**PROBLEM TO SOLVE:** Only one number is wanted here: how many lines of the data hold "Inflammation".

====== EXERCISE INPUTS ======

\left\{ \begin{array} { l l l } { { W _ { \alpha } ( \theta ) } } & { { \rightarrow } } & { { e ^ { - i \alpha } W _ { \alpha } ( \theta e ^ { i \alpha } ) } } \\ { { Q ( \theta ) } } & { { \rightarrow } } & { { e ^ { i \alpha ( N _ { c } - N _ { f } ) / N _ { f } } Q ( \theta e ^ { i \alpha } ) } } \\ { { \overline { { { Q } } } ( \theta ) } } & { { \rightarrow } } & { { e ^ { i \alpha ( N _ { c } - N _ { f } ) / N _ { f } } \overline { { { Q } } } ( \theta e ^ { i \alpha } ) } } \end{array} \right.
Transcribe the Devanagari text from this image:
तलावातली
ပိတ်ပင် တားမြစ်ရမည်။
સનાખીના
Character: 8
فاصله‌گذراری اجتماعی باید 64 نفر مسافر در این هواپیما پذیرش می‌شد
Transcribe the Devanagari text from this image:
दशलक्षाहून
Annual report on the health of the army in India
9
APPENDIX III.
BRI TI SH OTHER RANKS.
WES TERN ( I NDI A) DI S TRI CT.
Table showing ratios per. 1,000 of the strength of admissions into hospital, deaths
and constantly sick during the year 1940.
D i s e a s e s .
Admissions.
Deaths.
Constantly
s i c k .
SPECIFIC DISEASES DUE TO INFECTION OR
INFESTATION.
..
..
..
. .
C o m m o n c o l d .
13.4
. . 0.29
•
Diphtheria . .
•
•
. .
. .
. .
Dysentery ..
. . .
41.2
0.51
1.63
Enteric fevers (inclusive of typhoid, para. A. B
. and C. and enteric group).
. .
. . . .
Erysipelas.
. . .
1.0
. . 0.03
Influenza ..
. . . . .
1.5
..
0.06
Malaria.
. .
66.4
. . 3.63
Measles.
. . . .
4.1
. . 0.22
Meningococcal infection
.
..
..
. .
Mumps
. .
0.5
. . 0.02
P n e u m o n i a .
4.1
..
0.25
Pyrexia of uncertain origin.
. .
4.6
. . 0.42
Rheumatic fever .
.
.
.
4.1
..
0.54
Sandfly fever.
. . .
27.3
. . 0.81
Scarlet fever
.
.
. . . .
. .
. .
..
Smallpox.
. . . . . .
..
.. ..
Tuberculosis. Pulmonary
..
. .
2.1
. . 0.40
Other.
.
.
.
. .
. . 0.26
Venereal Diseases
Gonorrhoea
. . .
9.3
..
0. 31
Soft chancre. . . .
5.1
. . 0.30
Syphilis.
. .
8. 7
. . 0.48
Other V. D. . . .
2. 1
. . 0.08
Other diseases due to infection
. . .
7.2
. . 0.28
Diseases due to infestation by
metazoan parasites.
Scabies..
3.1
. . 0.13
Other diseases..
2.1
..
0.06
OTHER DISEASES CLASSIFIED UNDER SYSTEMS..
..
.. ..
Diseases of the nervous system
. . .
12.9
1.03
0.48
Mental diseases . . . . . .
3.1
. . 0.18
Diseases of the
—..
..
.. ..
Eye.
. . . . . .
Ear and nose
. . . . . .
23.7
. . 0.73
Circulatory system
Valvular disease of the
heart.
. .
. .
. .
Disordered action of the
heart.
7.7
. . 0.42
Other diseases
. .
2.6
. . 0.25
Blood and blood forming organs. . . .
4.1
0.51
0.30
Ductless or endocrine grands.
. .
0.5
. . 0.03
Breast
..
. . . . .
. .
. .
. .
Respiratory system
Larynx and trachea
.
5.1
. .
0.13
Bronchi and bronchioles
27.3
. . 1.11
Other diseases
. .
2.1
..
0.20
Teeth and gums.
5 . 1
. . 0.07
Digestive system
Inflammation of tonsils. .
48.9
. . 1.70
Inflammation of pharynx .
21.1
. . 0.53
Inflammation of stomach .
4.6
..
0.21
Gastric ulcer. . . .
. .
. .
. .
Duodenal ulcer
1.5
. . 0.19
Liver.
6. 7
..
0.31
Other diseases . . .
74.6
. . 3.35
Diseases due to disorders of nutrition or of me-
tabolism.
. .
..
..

======

**WRITTEN SOLUTION:** 3